Parliamentary Privilege First Report


Memorandum by Michael Ryle, former Clerk of Committees, House of Commons

REVIEW OF PARLIAMENTARY PRIVILEGE: SOME CENTRAL ISSUES

INTRODUCTION

  1.  As a former Clerk to the Privileges Committee of the House of Commons (1985-87) and as a writer on parliamentary matters (for example, see Griffith and Ryle, Parliament, Sweet and Maxwell, 1989, (particularly Chapter 3)), I thank the Committee for its invitation to submit evidence.

  2.  I confine myself at this stage to certain central issues that must govern any review of parliamentary privilege. However, if it would assist the Committee, I would be glad to have an opportunity to defend these arguments in oral evidence and to comment in more detail on a number of the specific points raised in your invitation.

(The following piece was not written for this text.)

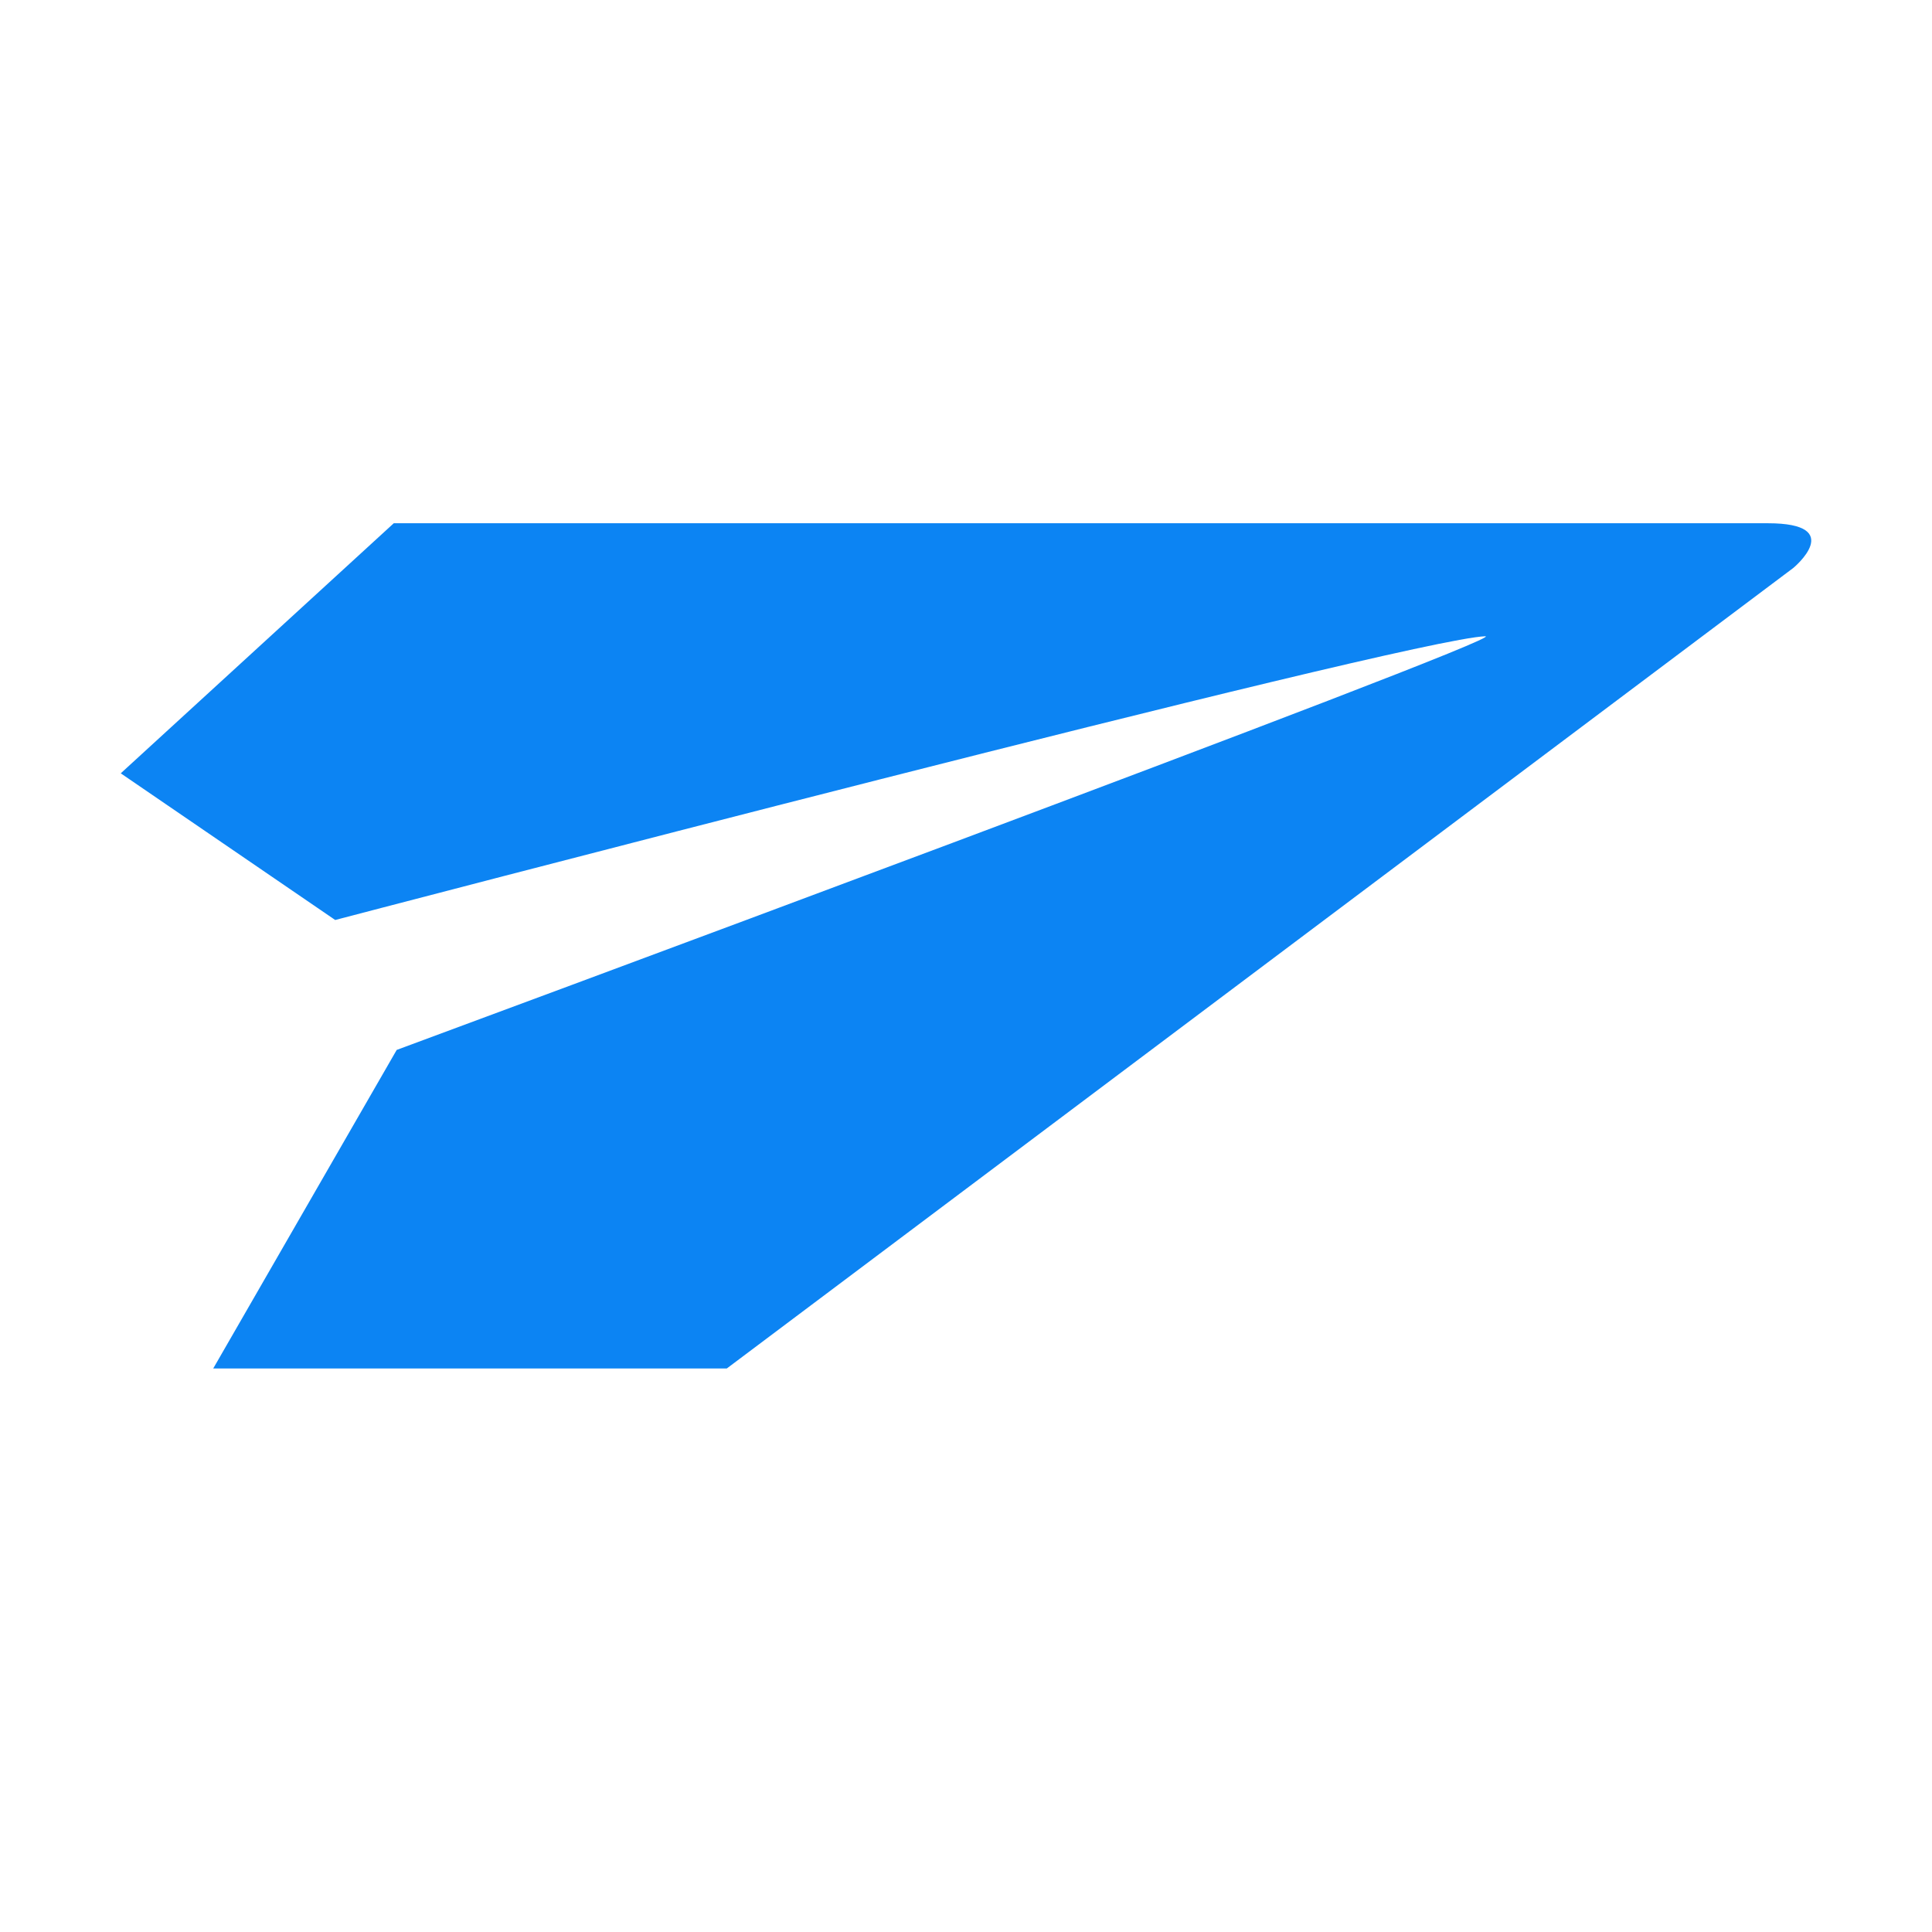 <svg width="48" height="48" viewBox="0 0 48 48" fill="none" xmlns="http://www.w3.org/2000/svg">
<path fill-rule="evenodd" clip-rule="evenodd" d="M3 19.213L8.328 22.857C8.328 22.857 34.975 15.87 36.9 15.808C37.688 15.783 9.856 26.085 9.856 26.085L5.297 34H18.056L44.555 14.11C44.555 14.11 45.897 13 43.92 13C41.945 13 9.783 13 9.783 13L3 19.213Z" fill="#0C84F3"/>
</svg>

  3.  I mainly confine my evidence to issues of privilege as affecting the House of Commons.

PARLIAMENT AND THE COURTS

  4.  The long struggles between Parliament and the courts to establish their sovereignty in their separate fields has led to a tacit settlement, to the benefit of both sides and for the citizens of the UK, which should not be lightly disturbed.

  5.  The recognition that speeches in both Houses of Parliament and their proceedings cannot be questioned in the courts, as set out in Article 9 of the Bill of Rights of 1689, is fundamental to the working of both Houses. In my view it is essential to preserve this position to avoid the courts adjudicating on the conduct of business in Parliament, the acts and conduct of Members in their parliamentary functions and, ultimately, the Acts of Parliament itself and the decisions of the two Houses.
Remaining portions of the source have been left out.